Марк Израилевич был точь-в-точь клоном или ближайшим родственником финансового министра из «Зари Востока», которому посвятил стихи Сергей Есенин. Он покрутил платежку перед близорукими глазами, ощупал ее, понюхал, словно не веря, что его директор совершил такую грубую ошибку, допустив меня к кассе. Потом, видимо, убедившись, что перед ним не фальшивое авизо, а подлинный документ, черкнул на платежке свою закорючку и поднял от стола лучезарный лик, обрамленный, как у Каладзе, венчиком белоснежных прядей, и, словно награждая меня орденом, привстал, протягивая мне платежку:

— Поздравляю Вас, молодой человек! Идите в кассу! — и снова уложил свое тело, очертаниями повторявшее тело Каладзе, в кресло. Субординация была соблюдена — Карло Ражденович царствовал, а Марк Израилевич управлял, будучи одновременно министром финансов у подножия царского трона.

* * *

Однажды осенью я вместе с Гурамом Гвердцители, Гурамом Асатиани и Борей Гассом, прослышав, что в Ереване открылась выставка модного в ин- телектуальных кругах художника Роберта Фалька, уселись в «Волгу» и покатили к Пушкинскому перевалу.

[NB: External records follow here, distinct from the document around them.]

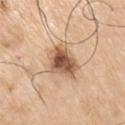Case summary:
- workup — imaged on a skin check; not biopsied
- anatomic site — the right upper arm
- subject — male, approximately 75 years of age
- size — ≈5 mm
- acquisition — ~15 mm tile from a whole-body skin photo
- lighting — white-light illumination
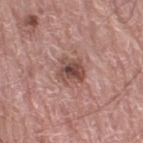* image — 15 mm crop, total-body photography
* lesion size — about 3.5 mm
* patient — male, aged 73–77
* automated metrics — a footprint of about 8 mm², a shape eccentricity near 0.3, and a shape-asymmetry score of about 0.2 (0 = symmetric); border irregularity of about 2.5 on a 0–10 scale and radial color variation of about 2; an automated nevus-likeness rating near 40 out of 100 and a detector confidence of about 100 out of 100 that the crop contains a lesion
* body site — the right thigh
* tile lighting — white-light illumination
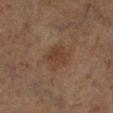| field | value |
|---|---|
| notes | total-body-photography surveillance lesion; no biopsy |
| location | the left lower leg |
| lesion size | about 3 mm |
| patient | male, in their mid-70s |
| acquisition | ~15 mm tile from a whole-body skin photo |
| image-analysis metrics | a nevus-likeness score of about 5/100 and lesion-presence confidence of about 100/100 |
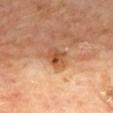This lesion was catalogued during total-body skin photography and was not selected for biopsy. The total-body-photography lesion software estimated border irregularity of about 2 on a 0–10 scale, internal color variation of about 5 on a 0–10 scale, and a peripheral color-asymmetry measure near 2. Longest diameter approximately 2.5 mm. The tile uses cross-polarized illumination. The subject is a male roughly 70 years of age. Located on the mid back. A roughly 15 mm field-of-view crop from a total-body skin photograph.
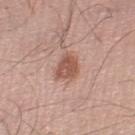follow-up=no biopsy performed (imaged during a skin exam).
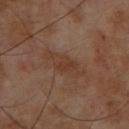<tbp_lesion>
<biopsy_status>not biopsied; imaged during a skin examination</biopsy_status>
<site>chest</site>
<patient>
  <sex>male</sex>
  <age_approx>60</age_approx>
</patient>
<lesion_size>
  <long_diameter_mm_approx>5.5</long_diameter_mm_approx>
</lesion_size>
<automated_metrics>
  <area_mm2_approx>9.5</area_mm2_approx>
  <shape_asymmetry>0.2</shape_asymmetry>
  <cielab_L>34</cielab_L>
  <cielab_a>16</cielab_a>
  <cielab_b>25</cielab_b>
  <vs_skin_darker_L>5.0</vs_skin_darker_L>
  <vs_skin_contrast_norm>5.5</vs_skin_contrast_norm>
  <lesion_detection_confidence_0_100>100</lesion_detection_confidence_0_100>
</automated_metrics>
<image>
  <source>total-body photography crop</source>
  <field_of_view_mm>15</field_of_view_mm>
</image>
</tbp_lesion>
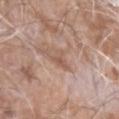Assessment:
This lesion was catalogued during total-body skin photography and was not selected for biopsy.
Context:
Imaged with white-light lighting. This image is a 15 mm lesion crop taken from a total-body photograph. The patient is a male approximately 75 years of age. On the left forearm.
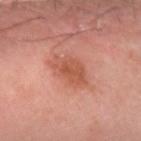The lesion was tiled from a total-body skin photograph and was not biopsied. Cropped from a total-body skin-imaging series; the visible field is about 15 mm. On the arm. A male subject, aged approximately 60.
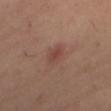Acquisition and patient details: The subject is a female about 40 years old. The lesion's longest dimension is about 3 mm. On the right thigh. A roughly 15 mm field-of-view crop from a total-body skin photograph. Captured under cross-polarized illumination.
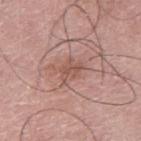The lesion was photographed on a routine skin check and not biopsied; there is no pathology result. Approximately 3 mm at its widest. From the left thigh. A male subject, approximately 75 years of age. A close-up tile cropped from a whole-body skin photograph, about 15 mm across. Imaged with white-light lighting. The lesion-visualizer software estimated a lesion area of about 5 mm², an outline eccentricity of about 0.7 (0 = round, 1 = elongated), and a shape-asymmetry score of about 0.45 (0 = symmetric). The analysis additionally found a border-irregularity index near 5/10, a within-lesion color-variation index near 2.5/10, and radial color variation of about 1.

Ехали весело, останавливались в придорожных забегаловках, закусывали армянский коньяк севанской форелью и потому едва-едва успели на выставку. Потом, правда, заглянули в мастерскую Мартироса Сарьяна, а ночевать — поскольку в ереванских гостиницах для гостей из Грузии не нашлось места — нам пришлось в пустующем Доме творчества в селении Цахкадзор… Я подзабыл подробности этой поездки, но, к счастью, недавно мне попалась в руки книга Бориса Гасса, изданная в Лондоне, где он вспоминает:

«Всю ночь мы резались в карты и пили коньяк.

Утром Стасик Куняев, которому «опостылели эта Армения и мытарства», улетел в Москву. Ну а мы помчались домой, в Тбилиси.

Вскоре я получил от Куняева почтой книгу со стихом, написанным на форзаце от руки:

Я помню, помню, Боря Гасс,
Я видел это сам воочию,
Как выжимал ты полный газ
В Армении осенней ночью.
Армянский национализм
Нам, правда, кое-что испортил,
Но мы всю ночь рубились в покер
И пили… Словом, не сдались.

Меня тогда резанул его шовинизм по отношению к армянскому чувству национальной гордости, но кто мог предположить, что эти искорки разгорятся в пламя антисемитизма и приведут С. Куняева в «Огонек»? Впрочем, Василий Аксенов как-то при мне назвал его охотнорядцем. В результате оба они ходили с синяками под глазом…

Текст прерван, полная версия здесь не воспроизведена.